Rodrigo Antunes / Lusa
O padre Vítor Melícias, presidente da Assembleia Geral do Montepio, diz que Tomás Correia “faz falta, mas fez muito bem” em abandonar a liderança da mutualista Montepio. “Dizer que Tomás Correia continua a controlar através de mim é um disparate”, considera ainda, abordando o “mito” da sua influência junto do poder político.
Numa entrevista ao jornal i, o padre Vítor Melícias não fala directamente das buscas realizadas recentemente ao Banco Montepio, mas salienta que espera que os tribunais façam o que lhes compete. Quanto a Tomás Correia refere que vai “fazer falta” no Montepio, mas que “fez muitíssimo bem” em sair por causa do “ruído todo” e do desgaste da sua imagem.
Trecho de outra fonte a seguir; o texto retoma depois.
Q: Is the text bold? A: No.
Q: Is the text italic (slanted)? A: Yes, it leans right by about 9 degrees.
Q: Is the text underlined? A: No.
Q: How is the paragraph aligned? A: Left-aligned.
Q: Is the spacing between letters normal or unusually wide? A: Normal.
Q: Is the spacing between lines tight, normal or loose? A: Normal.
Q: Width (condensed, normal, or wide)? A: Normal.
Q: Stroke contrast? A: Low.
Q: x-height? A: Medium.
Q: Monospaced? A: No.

Tal como na Igreja, “um padre, quando faz asneira, afecta a Igreja toda, até o próprio Papa”, refere em jeito de comparação.
Tomás Correia “tinha os problemas de ser arguido ou de ser suspeito disto ou daquilo — coisas que não sei e, se houver alguma coisa, deve ser julgado, primeiro, pela sua consciência, segundo, pela história e, se for caso disso, pelos tribunais”, sublinha.
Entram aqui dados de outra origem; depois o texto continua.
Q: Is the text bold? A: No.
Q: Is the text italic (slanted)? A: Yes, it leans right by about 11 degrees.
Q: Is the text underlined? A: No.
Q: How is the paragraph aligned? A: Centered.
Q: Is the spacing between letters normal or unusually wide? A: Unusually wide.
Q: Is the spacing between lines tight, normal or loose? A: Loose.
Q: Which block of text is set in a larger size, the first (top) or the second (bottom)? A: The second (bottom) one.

“Os ataques foram tão fortes que [Tomás Correia] se fartou e foi-se embora. E é um homem que faz falta na área da economia social. Mas face a todo o clima que se criou, no lugar dele faria o mesmo”, considera ainda.
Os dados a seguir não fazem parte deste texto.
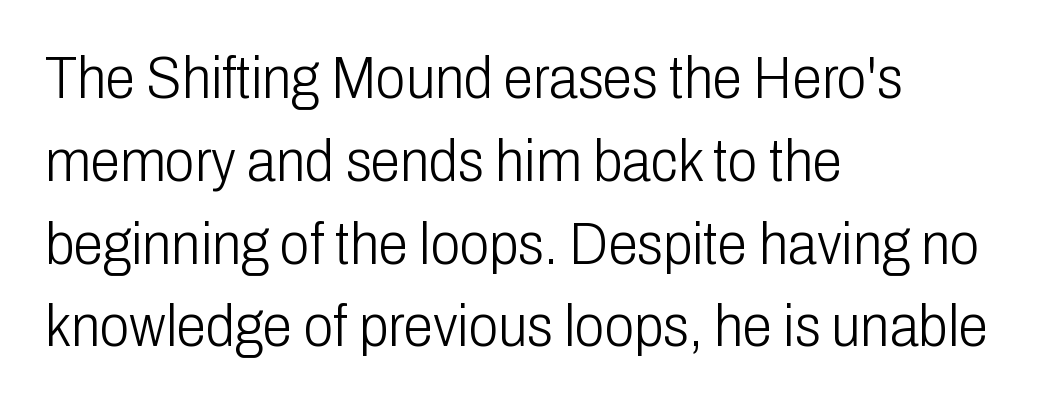
Q: Is the text bold? A: No.
Q: Is the text italic (slanted)? A: No, it is upright.
Q: Is the typeface a serif or a sans-serif typeface? A: Sans-serif.
Q: Is the text underlined? A: No.
Q: How is the paragraph aligned? A: Left-aligned.
Q: Is the spacing between letters normal or unusually wide? A: Normal.
Q: Is the spacing between lines tight, normal or loose? A: Normal.
Q: Width (condensed, normal, or wide)? A: Condensed.
Q: Stroke contrast? A: Low.
Q: x-height? A: Medium.
Q: Monospaced? A: No.
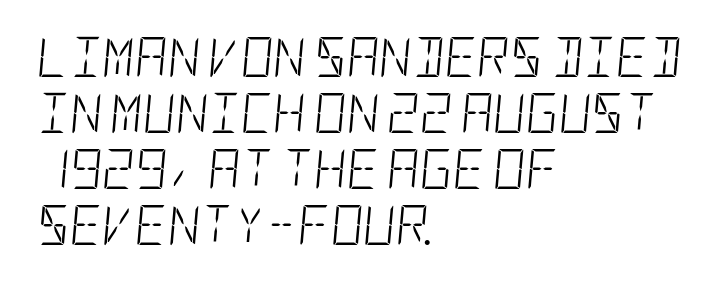
The image shows 40 px light, condensed type, italic (leaning right); set left-aligned, normal line spacing (1.4x), normal letter spacing, not underlined; low stroke contrast and a large x-height.

“Dizer que Tomás Correia continua a controlar através de mim é um disparate“, acrescenta, salientando que “ele já não está lá, não comanda, não tem nada a ver com aquilo”.
O padre Vítor Melícias não duvida de que ele “fez um bom trabalho” na mutualista e frisa que se “tivesse saído mais cedo era capaz de não ter sido mau para a sua imagem”.
Melícias entende que “o Montepio sempre foi uma coisa perfeitamente apetecível”, mas alerta que só por “incompreensão” se pode pensar que “o que aconteceu ao BES iria acontecer ao Montepio”. “Isso não seria possível porque o BES e a família do grupo BES são duas realidades da economia privada, da economia lucrativa, que podem fazer, efectivamente, determinado tipo de negócios”, aponta, concluindo que “num banco de economia social, como é o caso da caixa económica [Banco Montepio], não há esse perigo”.
O padre também sustenta que os associados “não perdem o seu capital porque não têm capital”. “Não há propriedade privada. Uma pessoa paga quotas numa associação mutualista, mas não é dono daquele capital. Se morrer, não fica para os herdeiros porque aquilo não é dele. Trata-se de uma associação de pessoas, não uma associação de capitais”, destaca.
Sobre a sua vida pessoal, Vítor Melícias garante que nem sequer tem uma bicicleta e que nem o dinheiro que recebe é seu. “É dos frades”, vinca, apontando que “dos cerca de 4 mil euros” que ganha, “3 mil vão para os frades”. “Não tenho automóvel, não tenho nada nem quero ter”, assegura na entrevista ao i, onde diz que gere a sua vida com cerca de 900 euros.
“Eu preciso de me mexer, tenho de pôr gasóleo no carro, que não é meu, mas tenho de abastecer, tenho de ir ao médico”, nota o antigo comissário para a transição de Timor para a independência e ex-administrador do Montepio que recebe uma pensão da Segurança Social, outra pensão enquanto associado do Montepio e ainda uma “compensação salarial” como ex-administrador do Banco.
As contas feitas pelo Polígrafo, em Maio de 2019, concluíram que o padre recebe cerca de 4.597,25 euros, com cerca de 3 mil a serem entregues ao Convento do Varatojo, em Torres Vedras. O restante montante fica “numa conta com o nome de Vítor Melícias e do ecónomo da província dos frades”, relatou ao Polígrafo o próprio padre. “Eu tenho a administração directa [da conta], mas nós não temos direito de propriedade, aquele dinheiro não é meu“, apontou na altura.
Na entrevista ao i, o padre Vítor Melícias ainda recusa a ideia de que tem influência junto do poder político. É “um mito”, assegura, notando que só tem “muitos e grandes amigos em todas essas áreas e em todos os sectores”, sem ter “partido nem interesses”.